§ **What you are asked to do**: Report the count of lines in the records below that hold the word "image", omitting everything but the number.

Data extract below:

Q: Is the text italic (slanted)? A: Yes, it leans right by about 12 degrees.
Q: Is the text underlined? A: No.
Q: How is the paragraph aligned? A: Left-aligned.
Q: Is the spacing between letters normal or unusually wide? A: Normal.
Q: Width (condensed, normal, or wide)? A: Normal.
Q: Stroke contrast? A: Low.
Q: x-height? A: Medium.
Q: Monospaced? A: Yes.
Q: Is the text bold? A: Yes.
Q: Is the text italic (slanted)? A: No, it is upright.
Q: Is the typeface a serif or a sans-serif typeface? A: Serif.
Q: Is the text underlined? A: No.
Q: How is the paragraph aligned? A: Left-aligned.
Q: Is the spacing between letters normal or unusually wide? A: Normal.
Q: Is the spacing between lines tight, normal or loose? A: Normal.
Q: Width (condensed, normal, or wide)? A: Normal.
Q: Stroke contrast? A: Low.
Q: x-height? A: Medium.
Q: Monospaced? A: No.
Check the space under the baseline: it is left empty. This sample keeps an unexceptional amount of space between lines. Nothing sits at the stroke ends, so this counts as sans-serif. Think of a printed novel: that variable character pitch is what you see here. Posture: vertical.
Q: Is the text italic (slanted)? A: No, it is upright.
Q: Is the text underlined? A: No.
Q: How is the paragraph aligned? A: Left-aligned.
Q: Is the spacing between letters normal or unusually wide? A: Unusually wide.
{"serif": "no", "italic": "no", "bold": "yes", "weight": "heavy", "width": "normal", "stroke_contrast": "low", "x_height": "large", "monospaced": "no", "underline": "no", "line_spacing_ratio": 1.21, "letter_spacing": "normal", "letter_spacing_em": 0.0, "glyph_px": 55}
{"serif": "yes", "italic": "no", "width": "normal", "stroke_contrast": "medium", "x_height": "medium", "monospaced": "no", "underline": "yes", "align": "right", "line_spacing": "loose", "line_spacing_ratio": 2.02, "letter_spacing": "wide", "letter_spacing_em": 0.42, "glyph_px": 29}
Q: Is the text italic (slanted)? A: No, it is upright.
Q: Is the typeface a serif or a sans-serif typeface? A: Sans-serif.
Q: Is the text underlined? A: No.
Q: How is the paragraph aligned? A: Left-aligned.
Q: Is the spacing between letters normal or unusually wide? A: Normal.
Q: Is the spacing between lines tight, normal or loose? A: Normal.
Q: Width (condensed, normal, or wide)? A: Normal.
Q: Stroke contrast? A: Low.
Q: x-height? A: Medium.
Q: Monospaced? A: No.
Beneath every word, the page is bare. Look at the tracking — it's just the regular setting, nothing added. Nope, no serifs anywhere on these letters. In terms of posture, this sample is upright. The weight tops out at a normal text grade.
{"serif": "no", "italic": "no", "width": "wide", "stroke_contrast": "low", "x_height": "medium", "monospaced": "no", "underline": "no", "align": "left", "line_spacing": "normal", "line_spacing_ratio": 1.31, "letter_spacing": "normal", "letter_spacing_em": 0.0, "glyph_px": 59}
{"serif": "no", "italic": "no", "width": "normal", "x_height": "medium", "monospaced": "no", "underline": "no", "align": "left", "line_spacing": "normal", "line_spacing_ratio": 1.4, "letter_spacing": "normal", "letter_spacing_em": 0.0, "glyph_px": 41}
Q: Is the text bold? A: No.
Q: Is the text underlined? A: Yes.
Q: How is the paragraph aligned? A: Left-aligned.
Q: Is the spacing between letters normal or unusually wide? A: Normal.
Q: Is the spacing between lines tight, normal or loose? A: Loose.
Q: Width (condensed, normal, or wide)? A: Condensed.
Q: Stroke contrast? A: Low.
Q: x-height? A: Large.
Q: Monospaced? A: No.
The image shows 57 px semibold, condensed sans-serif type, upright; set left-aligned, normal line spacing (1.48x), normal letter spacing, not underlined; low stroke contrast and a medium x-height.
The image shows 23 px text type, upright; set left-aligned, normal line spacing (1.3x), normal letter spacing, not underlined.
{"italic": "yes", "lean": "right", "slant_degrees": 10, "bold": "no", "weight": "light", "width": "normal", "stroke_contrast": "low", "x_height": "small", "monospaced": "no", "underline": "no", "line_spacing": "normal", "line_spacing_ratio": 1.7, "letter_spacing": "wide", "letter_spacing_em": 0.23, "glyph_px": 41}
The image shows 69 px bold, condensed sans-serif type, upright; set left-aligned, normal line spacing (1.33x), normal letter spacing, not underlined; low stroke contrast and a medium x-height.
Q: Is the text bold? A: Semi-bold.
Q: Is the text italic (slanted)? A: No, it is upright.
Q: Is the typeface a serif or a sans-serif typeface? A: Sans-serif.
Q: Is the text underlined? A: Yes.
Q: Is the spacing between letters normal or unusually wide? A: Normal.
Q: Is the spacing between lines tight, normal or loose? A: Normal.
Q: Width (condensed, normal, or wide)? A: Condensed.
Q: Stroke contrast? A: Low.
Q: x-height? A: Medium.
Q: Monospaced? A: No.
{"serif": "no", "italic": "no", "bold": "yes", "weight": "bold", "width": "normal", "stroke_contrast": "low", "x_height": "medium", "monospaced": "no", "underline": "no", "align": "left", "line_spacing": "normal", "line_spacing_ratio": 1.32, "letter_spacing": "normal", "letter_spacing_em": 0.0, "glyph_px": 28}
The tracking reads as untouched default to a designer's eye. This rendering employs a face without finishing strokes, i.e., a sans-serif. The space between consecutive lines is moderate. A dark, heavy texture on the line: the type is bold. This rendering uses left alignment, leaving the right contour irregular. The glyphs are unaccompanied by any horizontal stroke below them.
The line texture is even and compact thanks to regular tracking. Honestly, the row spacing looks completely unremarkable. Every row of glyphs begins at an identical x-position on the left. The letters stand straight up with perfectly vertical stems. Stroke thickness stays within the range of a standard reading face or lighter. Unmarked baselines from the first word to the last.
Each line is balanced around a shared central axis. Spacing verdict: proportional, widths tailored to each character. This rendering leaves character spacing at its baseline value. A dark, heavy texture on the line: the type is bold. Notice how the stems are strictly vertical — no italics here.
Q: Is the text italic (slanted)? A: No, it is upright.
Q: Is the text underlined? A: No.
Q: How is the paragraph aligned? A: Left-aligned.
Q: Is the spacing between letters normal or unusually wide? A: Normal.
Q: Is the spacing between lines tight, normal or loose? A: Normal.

End of Data extract.

§ **Exercise output**: 3